Those of us of a certain age have been watching this junkie-like mass death of once fertile minds unfold for years, ever since we read Orwell in the late 1970s and early 1980s in high school and then drifted into universities in the mid-1980s prepared to set the world on fire with our words only to be the first generation to be met at the academy’s gate by a hardcore cadre of so-called ‘progressives’ that had infiltrated—perhaps infected is more like it—much of the faculty like a Maoist cancer cell hell-bent on instilling the joys of something called ‘speech codes.’

Those speech codes were among the first early attempts by the Left on the American campus at mass ideological programing and the installation of dogma by brazenly red-lining the vocabulary that could be spoken or written in the university, that old cauldron where the high-minded musings of professors pushing the intellectual boundaries of young minds had once melded with the degenerate thoughts of brilliant heretics like Mario Savio at Cal Berkeley in what became the flashpoint of the Free Speech Movement.

And from that natural birth moment came the term: “Say your thing, man.”

Say your thing.

As I roamed the halls of the California State Polytechnic University, Pomona, and the State University of New York at Stony Brook thirty years ago, those were still sacred words among many students, a credo that celebrated the sanctity of words as the ultimate expression of the rich garden that is the mind, be it ripe with fruit or laden with landmines, or more likely both. Pluck one or explode the other or both.

Say your thing.

A lot of us back then remembered the historical flashpoint when one of our own Founding Fathers, Jim Morrison of The Doors, stood onstage in New Haven, Connecticut, in December 1967, and broke into a riff about how’d he’d been sprayed with mace by a cop while making out with a chick backstage. The police at the concert didn’t take too kindly to Morrison relating the story to the audience of more than 4,000 Doors fans packed into the New Haven Arena and moved onstage to stop him. As a scowling sergeant confronted Morrison, Jim didn’t blink, he extended the mic to the officer and said: “Say your thing.”

Was it something I said?
Mr. Mojo Sinking: ‘Was it something I said?’

Jim didn’t need a safe space or a trigger warning or a speech code. He wanted more speech, free speech, and he wanted ‘The Man’ to get his word in too. All aboard, baby.

Say your thing.

Our own college days came a generation later but it remained an era when coffee houses were still hotbeds of discussion that rose over tables strewn with steaming cups of joe, burning cigarettes and newspapers, somewhat dimly lit joints crowded with college students, bohemians, hipsters, punks and hippies along with the odd square who were all reading, writing but most of all talking with each other.

Talking and listening, about anything and about everything.

There was plenty of media to fuel the collective discussion, from the establishment press to the underground rags of the ‘zine revolution to the street posters that advertised whatever was happening, but the glow back then didn’t come from a screen in front of faces fixed in a paralytic daze locked on small screens, rather it came from our faces often red hot as we talked about, as Marvin Gaye had so eloquently put it: what’s going on.
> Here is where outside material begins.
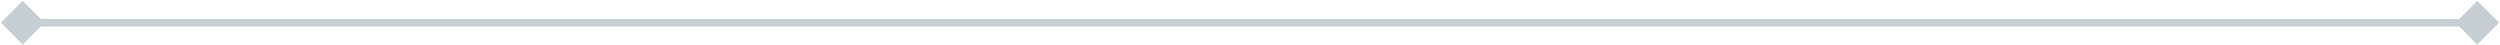 <svg width="660" height="12" fill="none" xmlns="http://www.w3.org/2000/svg"><path opacity=".25" d="M.226 6L6 11.774 11.774 6 6 .226.226 6zm659.547 0L654 .226 648.227 6 654 11.773 659.773 6zM6 7h648V5H6v2z" fill="#1D4057"/></svg>

Reagan, El Salvador, South Africa, the Cold War, Van Halen (David Lee Roth versus Sammy Hagar), porn (Ginger Lynn versus Amber Lynn) and television (Cheers versus Hill Street Blues), good bars and badly poured drinks, good dope and bad dealers, and so on and so forth and what have you and what not.

And we said our thing.

Ah, those were indeed the days but they are sadly long gone, scrubbed away during the long and laborious ideological cleansing of the campuses, a purification that has finally devoured what was once the laboratory of freewheeling speech and replaced it with a spawning ground of digital Pod People that appear ever more programmed even when trying to sound provoked. The faculty that has been regurgitating linguistic purée it into the yawning beaks of the fledglings in front of them now watch their birds of a feather flutter across campus to dutifully post warning signs as to what speech will be heard and more importantly what speech won’t be tolerated and to spy out anyone who isn’t enthusiastically chirping along with the rest of the flock.

The once warm womb that gave birth to free speech is now the cold, sterile mustering grounds for the perpetually aggrieved poseurs who, as Orwell correctly speculated, have set about further shrinking the language by aggressively pruning words and sterilizing phrases to ensure the wrong thoughts don’t bloom amid the hyrdoponics of a freewheeling conversation.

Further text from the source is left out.